The problem: Copy out all lines of the material below in which "motel" occurs.
Records provided: Begin
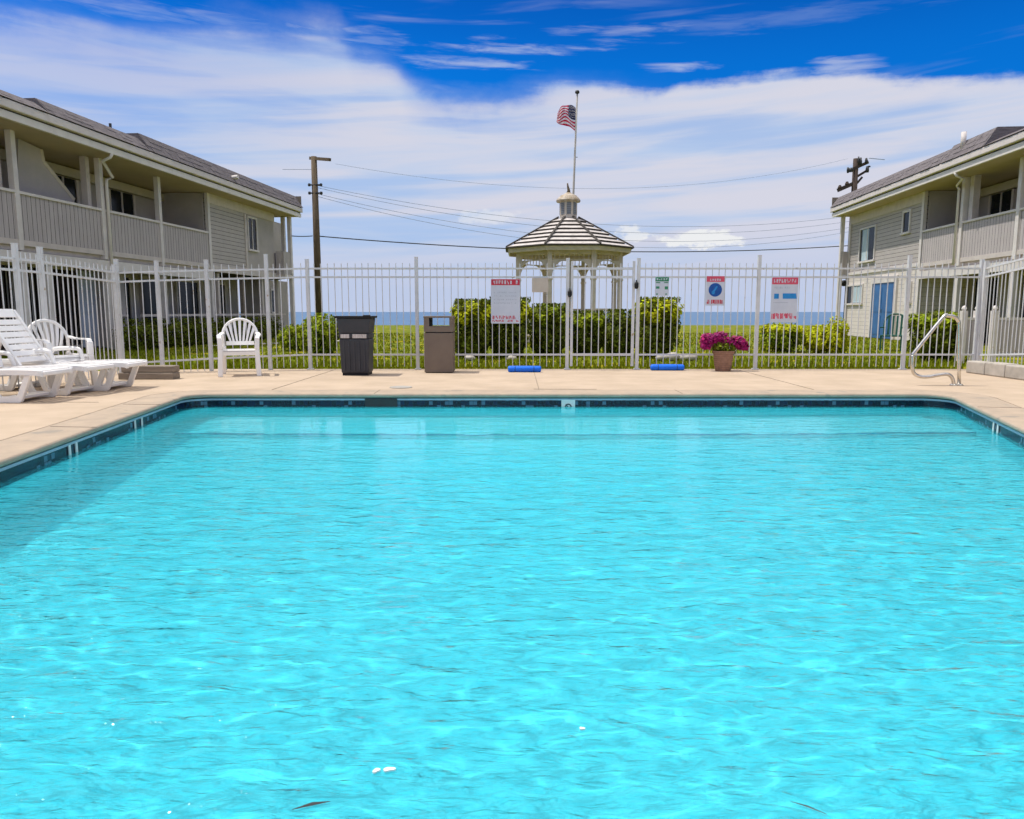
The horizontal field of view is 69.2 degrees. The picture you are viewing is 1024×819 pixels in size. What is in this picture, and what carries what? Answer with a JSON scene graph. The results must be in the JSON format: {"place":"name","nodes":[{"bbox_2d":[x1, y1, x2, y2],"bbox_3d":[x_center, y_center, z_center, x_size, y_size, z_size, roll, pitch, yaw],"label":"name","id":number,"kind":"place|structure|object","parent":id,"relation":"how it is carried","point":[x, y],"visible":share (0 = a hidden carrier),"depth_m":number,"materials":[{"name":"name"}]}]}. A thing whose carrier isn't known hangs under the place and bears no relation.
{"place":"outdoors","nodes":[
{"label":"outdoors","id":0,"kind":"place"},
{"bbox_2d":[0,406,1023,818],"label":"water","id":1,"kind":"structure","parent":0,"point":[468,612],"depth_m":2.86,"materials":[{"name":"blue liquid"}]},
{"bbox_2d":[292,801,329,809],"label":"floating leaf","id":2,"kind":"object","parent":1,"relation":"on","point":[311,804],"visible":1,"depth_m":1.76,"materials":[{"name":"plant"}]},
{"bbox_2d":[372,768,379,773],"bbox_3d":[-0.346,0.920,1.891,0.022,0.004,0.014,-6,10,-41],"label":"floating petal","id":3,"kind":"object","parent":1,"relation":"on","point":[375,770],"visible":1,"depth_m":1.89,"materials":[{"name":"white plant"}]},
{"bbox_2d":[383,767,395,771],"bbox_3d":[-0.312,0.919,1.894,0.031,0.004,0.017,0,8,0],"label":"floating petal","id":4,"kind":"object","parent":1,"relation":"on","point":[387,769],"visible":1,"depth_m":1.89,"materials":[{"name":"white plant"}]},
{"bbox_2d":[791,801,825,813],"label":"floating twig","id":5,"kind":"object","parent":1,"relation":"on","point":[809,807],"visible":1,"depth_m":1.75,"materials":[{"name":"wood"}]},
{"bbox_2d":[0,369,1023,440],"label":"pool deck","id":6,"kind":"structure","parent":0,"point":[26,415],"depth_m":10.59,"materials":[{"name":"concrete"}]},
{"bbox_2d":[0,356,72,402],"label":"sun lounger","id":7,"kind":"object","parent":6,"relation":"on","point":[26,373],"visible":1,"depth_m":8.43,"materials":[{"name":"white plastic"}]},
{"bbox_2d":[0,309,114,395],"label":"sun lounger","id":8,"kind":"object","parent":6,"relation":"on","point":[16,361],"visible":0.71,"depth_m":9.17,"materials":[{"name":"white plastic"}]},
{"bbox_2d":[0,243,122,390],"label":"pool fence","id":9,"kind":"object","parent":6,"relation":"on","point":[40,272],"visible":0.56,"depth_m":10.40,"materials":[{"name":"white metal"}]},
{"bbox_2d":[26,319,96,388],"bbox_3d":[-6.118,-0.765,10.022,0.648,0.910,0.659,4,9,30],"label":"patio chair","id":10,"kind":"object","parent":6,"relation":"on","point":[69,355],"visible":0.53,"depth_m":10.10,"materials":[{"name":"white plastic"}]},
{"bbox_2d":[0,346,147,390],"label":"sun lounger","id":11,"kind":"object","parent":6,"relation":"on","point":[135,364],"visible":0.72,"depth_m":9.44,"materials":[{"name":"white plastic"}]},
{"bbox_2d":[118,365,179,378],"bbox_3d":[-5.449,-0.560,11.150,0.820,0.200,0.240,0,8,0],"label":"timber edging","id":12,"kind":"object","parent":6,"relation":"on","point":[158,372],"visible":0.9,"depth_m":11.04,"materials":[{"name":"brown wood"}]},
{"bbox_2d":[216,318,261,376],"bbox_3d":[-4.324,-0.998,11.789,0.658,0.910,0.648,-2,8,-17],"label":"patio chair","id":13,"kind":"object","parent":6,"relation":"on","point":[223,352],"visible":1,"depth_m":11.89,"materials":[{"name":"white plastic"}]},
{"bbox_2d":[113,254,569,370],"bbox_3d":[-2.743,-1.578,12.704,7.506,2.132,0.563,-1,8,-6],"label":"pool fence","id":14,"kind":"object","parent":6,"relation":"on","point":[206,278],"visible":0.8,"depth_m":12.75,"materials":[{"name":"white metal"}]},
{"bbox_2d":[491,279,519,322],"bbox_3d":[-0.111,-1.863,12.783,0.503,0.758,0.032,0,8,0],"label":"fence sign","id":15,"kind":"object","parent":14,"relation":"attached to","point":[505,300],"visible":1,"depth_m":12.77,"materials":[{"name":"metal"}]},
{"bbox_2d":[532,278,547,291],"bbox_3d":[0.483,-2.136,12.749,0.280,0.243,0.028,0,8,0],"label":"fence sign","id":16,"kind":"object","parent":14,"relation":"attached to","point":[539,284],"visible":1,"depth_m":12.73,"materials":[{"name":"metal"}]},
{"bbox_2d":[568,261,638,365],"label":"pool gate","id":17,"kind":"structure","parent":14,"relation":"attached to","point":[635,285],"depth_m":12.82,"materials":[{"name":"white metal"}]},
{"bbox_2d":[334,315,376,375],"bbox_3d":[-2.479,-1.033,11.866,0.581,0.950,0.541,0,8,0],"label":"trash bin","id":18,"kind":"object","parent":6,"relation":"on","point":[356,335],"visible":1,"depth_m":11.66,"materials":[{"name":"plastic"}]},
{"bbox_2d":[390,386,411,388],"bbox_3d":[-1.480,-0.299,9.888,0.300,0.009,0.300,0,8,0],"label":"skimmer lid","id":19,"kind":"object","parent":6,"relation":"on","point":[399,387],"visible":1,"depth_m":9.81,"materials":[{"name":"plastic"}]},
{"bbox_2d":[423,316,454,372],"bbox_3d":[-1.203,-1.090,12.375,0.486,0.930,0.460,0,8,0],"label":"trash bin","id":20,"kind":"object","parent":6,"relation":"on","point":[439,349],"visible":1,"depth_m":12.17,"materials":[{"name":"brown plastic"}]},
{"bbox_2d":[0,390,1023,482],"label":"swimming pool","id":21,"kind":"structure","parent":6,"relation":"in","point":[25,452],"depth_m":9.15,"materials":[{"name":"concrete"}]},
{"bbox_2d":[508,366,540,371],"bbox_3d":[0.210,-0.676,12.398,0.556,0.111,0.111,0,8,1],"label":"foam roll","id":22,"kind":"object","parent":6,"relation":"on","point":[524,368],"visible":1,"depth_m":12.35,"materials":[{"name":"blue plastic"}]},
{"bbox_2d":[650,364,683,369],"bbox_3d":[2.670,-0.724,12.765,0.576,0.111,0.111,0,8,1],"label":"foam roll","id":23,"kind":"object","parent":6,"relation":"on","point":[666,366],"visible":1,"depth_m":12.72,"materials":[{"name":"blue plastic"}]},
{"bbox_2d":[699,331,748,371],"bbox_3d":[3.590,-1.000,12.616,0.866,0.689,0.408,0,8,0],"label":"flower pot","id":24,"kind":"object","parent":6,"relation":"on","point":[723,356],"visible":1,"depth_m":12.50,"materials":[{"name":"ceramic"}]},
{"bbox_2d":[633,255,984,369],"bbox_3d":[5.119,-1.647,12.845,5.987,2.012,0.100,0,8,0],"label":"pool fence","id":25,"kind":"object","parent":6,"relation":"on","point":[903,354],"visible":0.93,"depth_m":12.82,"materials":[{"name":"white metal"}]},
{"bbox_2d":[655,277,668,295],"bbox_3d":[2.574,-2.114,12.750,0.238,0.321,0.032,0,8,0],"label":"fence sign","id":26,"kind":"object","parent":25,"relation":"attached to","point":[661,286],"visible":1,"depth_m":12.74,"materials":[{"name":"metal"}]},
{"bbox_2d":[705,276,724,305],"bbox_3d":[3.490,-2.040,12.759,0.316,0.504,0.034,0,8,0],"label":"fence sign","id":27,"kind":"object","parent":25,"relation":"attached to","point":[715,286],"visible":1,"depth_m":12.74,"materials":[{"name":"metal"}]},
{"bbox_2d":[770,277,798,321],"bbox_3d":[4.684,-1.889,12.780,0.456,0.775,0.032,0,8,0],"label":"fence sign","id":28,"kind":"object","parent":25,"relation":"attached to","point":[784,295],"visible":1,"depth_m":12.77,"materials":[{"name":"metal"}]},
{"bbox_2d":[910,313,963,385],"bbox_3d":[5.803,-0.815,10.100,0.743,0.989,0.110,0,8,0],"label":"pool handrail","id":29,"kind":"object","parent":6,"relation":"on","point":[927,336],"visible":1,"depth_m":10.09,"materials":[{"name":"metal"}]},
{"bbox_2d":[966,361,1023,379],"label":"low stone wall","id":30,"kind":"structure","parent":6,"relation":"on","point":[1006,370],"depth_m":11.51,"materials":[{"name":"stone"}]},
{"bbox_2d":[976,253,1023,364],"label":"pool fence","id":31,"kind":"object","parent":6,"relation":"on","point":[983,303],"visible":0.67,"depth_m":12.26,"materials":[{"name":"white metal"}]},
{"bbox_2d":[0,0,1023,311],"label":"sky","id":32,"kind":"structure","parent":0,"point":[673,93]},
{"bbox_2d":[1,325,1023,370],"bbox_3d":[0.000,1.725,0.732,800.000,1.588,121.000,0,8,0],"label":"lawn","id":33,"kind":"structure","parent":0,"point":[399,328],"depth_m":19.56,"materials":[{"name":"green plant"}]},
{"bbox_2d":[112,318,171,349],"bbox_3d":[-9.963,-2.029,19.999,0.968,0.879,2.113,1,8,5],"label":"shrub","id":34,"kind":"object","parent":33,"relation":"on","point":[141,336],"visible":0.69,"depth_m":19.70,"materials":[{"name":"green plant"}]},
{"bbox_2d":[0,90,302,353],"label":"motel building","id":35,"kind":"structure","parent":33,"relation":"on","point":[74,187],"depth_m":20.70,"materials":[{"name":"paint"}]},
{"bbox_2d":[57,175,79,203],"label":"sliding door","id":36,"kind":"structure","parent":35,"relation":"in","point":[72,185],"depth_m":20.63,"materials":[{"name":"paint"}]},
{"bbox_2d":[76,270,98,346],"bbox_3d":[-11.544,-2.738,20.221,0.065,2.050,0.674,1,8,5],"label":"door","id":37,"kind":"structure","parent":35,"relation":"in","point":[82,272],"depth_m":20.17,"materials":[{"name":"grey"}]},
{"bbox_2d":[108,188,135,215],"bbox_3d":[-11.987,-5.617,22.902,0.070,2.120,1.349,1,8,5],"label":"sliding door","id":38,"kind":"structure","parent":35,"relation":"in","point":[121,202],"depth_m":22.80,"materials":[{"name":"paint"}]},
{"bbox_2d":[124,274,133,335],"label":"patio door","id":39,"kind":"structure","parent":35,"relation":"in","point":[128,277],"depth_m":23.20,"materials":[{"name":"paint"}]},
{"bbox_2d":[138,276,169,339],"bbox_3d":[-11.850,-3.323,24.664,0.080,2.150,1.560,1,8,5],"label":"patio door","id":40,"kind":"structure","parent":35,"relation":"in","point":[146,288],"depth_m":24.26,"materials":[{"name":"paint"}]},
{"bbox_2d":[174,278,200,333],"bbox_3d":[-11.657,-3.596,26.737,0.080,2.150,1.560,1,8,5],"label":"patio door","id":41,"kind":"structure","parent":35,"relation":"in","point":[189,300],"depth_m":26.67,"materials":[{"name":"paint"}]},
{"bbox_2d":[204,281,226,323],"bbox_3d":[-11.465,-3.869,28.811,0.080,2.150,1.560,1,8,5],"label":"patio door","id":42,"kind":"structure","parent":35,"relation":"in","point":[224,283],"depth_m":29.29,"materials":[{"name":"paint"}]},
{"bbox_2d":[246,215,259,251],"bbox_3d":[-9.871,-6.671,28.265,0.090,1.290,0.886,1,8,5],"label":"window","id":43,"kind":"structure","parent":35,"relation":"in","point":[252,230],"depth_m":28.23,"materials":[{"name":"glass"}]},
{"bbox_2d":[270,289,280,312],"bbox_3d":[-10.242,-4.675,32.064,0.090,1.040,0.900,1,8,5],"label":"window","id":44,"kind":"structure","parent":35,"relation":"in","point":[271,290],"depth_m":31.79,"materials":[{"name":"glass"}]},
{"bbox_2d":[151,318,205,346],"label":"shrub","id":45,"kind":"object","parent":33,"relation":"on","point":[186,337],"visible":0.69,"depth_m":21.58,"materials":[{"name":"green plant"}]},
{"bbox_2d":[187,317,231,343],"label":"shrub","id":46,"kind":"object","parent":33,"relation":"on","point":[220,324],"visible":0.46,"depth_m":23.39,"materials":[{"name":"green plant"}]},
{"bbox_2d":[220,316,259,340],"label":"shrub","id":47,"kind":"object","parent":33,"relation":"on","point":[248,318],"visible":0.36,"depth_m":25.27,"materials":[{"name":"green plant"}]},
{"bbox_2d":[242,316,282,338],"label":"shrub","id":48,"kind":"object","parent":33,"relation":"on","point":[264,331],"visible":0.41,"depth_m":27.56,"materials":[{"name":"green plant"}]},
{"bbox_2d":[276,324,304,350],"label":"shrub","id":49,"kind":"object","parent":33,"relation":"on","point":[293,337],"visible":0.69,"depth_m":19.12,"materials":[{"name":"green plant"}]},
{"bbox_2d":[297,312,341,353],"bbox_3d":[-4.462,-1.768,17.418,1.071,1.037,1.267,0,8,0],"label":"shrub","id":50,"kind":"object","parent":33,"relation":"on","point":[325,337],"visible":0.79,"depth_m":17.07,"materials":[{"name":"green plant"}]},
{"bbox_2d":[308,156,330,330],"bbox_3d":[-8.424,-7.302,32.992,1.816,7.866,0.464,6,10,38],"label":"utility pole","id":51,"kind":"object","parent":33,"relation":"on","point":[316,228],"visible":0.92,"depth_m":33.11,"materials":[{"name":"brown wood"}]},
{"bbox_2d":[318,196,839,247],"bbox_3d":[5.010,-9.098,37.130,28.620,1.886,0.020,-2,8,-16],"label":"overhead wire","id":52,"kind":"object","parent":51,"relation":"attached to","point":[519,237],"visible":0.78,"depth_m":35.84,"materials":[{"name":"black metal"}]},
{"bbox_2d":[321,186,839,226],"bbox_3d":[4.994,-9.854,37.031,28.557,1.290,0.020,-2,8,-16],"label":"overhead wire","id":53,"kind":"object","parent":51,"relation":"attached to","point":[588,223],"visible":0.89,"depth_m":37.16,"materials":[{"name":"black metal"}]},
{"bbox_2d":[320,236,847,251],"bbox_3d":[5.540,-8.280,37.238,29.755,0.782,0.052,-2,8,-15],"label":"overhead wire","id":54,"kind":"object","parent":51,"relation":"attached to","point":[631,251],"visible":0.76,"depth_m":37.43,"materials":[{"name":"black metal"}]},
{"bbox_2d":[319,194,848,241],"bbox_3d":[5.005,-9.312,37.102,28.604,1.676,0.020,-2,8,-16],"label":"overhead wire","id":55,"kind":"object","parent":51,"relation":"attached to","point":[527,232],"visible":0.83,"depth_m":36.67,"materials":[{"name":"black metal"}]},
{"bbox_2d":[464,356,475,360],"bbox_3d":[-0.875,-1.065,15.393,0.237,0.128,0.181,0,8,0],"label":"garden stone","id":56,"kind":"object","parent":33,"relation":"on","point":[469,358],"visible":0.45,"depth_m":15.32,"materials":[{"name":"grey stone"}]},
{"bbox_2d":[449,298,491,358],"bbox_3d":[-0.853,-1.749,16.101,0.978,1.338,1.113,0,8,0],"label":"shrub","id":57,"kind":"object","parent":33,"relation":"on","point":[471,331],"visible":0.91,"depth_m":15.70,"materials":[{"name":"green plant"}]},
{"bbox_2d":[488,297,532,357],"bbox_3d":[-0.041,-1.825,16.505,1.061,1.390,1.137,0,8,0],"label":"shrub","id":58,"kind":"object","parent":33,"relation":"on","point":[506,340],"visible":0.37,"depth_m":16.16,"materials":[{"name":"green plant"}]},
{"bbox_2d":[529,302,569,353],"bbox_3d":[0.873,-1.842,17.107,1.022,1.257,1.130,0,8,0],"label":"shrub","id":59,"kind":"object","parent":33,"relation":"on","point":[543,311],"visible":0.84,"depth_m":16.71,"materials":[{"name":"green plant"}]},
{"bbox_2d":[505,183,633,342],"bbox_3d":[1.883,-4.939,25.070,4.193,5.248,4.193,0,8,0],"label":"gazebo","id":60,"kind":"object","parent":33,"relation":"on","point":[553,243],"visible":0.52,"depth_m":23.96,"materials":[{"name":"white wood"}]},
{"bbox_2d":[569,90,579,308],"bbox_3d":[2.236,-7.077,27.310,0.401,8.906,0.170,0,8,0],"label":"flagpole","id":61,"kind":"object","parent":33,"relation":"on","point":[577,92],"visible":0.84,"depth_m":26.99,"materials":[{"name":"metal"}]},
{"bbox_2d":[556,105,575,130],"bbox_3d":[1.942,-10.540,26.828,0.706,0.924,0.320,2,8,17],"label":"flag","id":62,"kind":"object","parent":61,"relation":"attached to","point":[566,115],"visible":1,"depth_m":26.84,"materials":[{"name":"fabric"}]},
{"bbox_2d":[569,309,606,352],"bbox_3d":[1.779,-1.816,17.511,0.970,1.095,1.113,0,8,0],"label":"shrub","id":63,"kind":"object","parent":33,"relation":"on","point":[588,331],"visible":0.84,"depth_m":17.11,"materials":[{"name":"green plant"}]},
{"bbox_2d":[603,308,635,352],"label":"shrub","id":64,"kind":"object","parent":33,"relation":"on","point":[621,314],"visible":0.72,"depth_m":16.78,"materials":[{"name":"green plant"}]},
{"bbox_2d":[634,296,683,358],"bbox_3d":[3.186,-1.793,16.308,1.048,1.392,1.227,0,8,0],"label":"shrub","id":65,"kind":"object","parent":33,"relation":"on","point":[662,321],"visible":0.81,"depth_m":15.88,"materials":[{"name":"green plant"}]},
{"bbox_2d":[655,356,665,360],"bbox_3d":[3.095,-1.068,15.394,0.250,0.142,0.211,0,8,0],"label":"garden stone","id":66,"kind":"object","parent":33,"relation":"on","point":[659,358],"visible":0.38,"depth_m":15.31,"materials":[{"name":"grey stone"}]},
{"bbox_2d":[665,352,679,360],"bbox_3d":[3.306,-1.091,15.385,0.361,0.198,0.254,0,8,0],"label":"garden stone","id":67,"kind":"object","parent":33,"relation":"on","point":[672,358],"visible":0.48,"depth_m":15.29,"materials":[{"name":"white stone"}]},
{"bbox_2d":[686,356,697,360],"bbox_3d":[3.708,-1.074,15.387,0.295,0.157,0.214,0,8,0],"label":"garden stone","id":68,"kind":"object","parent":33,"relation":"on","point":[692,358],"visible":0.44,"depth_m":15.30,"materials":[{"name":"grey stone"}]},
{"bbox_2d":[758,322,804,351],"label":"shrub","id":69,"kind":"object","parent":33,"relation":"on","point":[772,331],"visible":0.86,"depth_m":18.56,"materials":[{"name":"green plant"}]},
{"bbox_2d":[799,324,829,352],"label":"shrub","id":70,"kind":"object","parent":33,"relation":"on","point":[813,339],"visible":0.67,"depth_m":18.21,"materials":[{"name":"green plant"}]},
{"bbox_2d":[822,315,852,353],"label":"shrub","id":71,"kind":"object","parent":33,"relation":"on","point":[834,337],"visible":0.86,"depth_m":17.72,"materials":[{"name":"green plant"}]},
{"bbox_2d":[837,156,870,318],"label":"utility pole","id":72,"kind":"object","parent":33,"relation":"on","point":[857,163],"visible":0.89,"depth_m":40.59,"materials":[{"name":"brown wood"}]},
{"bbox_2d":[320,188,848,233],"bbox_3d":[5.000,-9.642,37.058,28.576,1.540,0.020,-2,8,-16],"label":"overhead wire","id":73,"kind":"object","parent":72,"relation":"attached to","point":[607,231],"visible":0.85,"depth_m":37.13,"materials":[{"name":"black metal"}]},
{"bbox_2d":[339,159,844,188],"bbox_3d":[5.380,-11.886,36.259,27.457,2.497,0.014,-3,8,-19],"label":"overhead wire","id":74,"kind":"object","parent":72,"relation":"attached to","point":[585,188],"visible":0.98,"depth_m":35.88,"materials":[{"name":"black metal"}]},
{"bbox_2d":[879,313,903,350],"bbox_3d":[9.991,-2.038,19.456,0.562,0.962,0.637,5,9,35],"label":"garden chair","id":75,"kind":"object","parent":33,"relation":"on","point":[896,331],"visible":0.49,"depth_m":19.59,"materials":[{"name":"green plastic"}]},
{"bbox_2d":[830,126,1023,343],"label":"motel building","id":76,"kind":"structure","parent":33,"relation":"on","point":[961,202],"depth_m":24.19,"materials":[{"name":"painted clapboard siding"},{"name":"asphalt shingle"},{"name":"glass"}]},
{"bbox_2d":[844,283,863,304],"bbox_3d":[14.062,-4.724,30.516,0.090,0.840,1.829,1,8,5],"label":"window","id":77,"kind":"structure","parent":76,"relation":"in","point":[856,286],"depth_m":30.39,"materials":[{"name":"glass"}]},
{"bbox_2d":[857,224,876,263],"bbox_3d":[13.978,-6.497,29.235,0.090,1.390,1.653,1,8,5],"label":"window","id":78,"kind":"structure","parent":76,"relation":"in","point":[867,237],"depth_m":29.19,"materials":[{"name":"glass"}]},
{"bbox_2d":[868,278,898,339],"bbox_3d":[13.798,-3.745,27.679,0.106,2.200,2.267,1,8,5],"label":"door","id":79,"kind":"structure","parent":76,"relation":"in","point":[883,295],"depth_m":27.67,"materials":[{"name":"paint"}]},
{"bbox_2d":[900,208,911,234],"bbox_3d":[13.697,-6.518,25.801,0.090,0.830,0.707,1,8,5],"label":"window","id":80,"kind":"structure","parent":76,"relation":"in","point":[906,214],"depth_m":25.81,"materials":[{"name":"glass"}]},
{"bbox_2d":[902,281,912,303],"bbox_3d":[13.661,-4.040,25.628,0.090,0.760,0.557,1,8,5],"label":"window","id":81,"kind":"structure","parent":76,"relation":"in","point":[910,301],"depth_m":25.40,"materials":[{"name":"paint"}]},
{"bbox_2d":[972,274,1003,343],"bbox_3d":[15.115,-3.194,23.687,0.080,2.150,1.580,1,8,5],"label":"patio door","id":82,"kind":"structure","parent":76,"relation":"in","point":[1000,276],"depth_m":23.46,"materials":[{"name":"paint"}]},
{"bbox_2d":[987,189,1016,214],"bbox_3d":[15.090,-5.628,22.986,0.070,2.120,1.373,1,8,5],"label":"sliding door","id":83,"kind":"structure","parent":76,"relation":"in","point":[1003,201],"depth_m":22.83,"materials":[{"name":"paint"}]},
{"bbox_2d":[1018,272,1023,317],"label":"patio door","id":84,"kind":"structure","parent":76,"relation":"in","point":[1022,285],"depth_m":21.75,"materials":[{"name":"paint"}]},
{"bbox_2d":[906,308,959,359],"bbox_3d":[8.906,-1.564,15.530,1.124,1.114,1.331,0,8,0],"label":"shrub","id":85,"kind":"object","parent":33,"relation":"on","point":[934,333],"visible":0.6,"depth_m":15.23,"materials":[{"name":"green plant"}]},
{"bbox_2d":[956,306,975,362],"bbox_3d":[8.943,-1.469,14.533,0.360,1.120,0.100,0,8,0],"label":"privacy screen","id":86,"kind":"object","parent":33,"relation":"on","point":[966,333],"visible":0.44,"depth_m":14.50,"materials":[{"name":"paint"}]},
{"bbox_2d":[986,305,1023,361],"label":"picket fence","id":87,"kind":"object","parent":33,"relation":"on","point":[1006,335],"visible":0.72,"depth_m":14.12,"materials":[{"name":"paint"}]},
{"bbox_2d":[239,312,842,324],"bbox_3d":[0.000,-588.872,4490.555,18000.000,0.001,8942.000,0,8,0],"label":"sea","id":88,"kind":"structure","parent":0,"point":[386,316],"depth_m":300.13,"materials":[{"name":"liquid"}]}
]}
Records provided: End
Output of the exercise:
{"bbox_2d":[0,90,302,353],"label":"motel building","id":35,"kind":"structure","parent":33,"relation":"on","point":[74,187],"depth_m":20.70,"materials":[{"name":"paint"}]},
{"bbox_2d":[830,126,1023,343],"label":"motel building","id":76,"kind":"structure","parent":33,"relation":"on","point":[961,202],"depth_m":24.19,"materials":[{"name":"painted clapboard siding"},{"name":"asphalt shingle"},{"name":"glass"}]},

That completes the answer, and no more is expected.